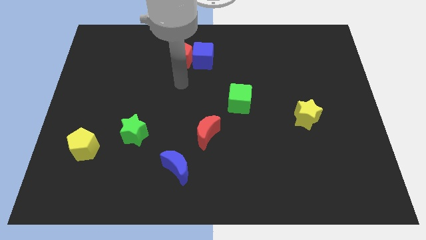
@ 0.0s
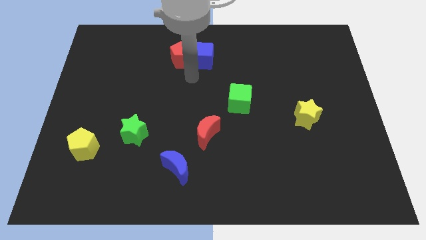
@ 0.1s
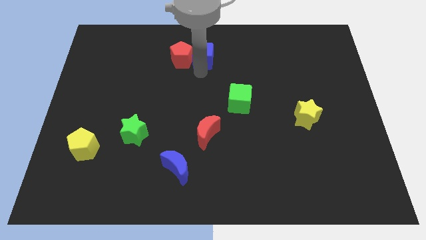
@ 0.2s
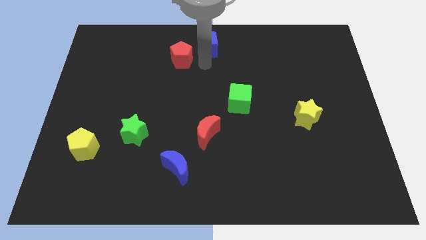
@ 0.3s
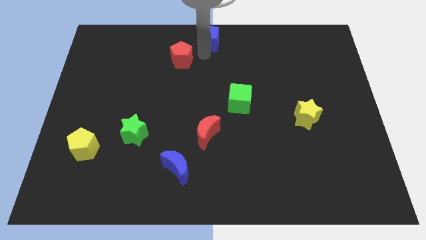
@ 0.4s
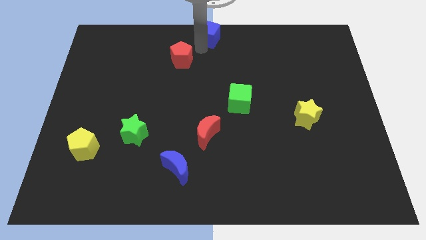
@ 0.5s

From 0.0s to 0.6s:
separate the red pentagon from the blue cube

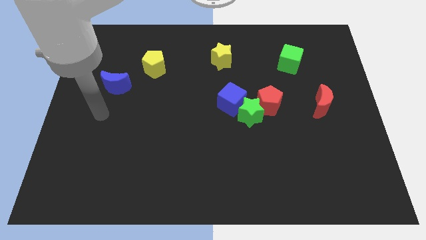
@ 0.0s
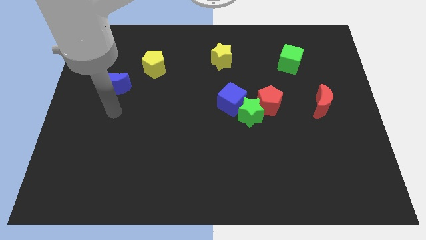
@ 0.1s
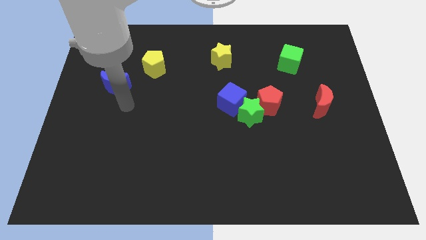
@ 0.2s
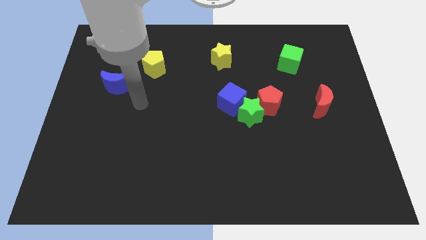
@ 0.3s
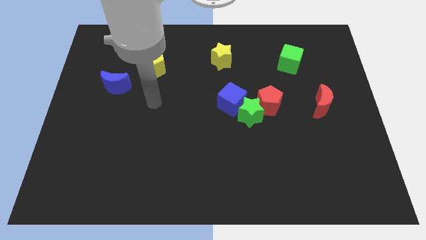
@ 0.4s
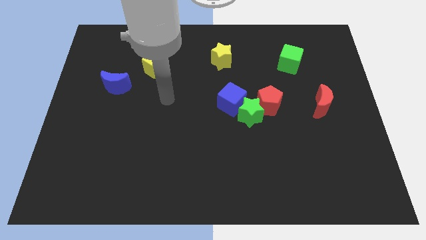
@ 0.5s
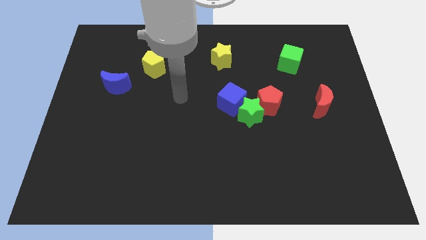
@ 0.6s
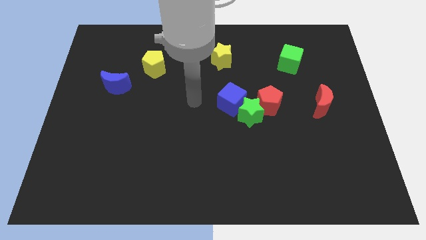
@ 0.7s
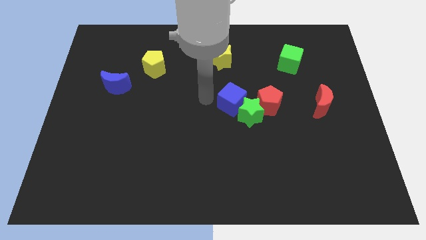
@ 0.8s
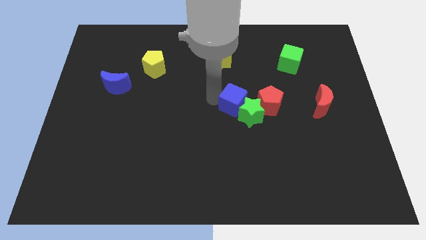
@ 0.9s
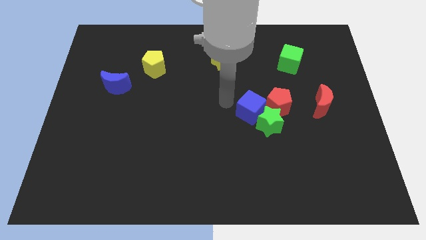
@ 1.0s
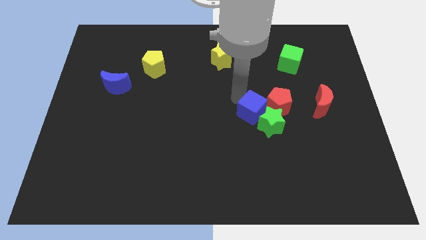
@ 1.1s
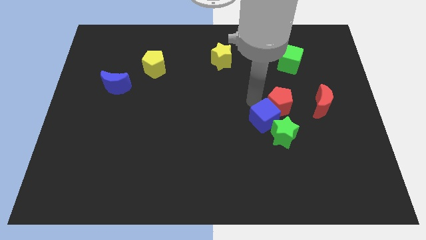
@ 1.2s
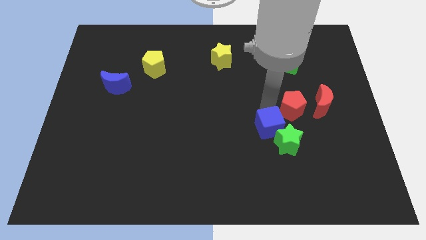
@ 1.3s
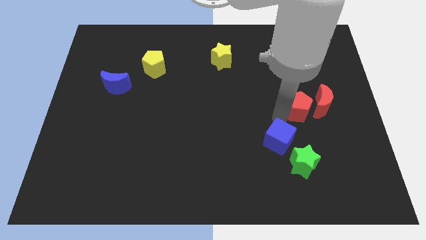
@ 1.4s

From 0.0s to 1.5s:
move the green star away from the red pentagon and blue cube

§ **What is expected**
Exact copy, pictures removed: set down the whole listing above.

§ **Exercise result**
@ 0.0s
@ 0.1s
@ 0.2s
@ 0.3s
@ 0.4s
@ 0.5s

From 0.0s to 0.6s:
separate the red pentagon from the blue cube

@ 0.0s
@ 0.1s
@ 0.2s
@ 0.3s
@ 0.4s
@ 0.5s
@ 0.6s
@ 0.7s
@ 0.8s
@ 0.9s
@ 1.0s
@ 1.1s
@ 1.2s
@ 1.3s
@ 1.4s

From 0.0s to 1.5s:
move the green star away from the red pentagon and blue cube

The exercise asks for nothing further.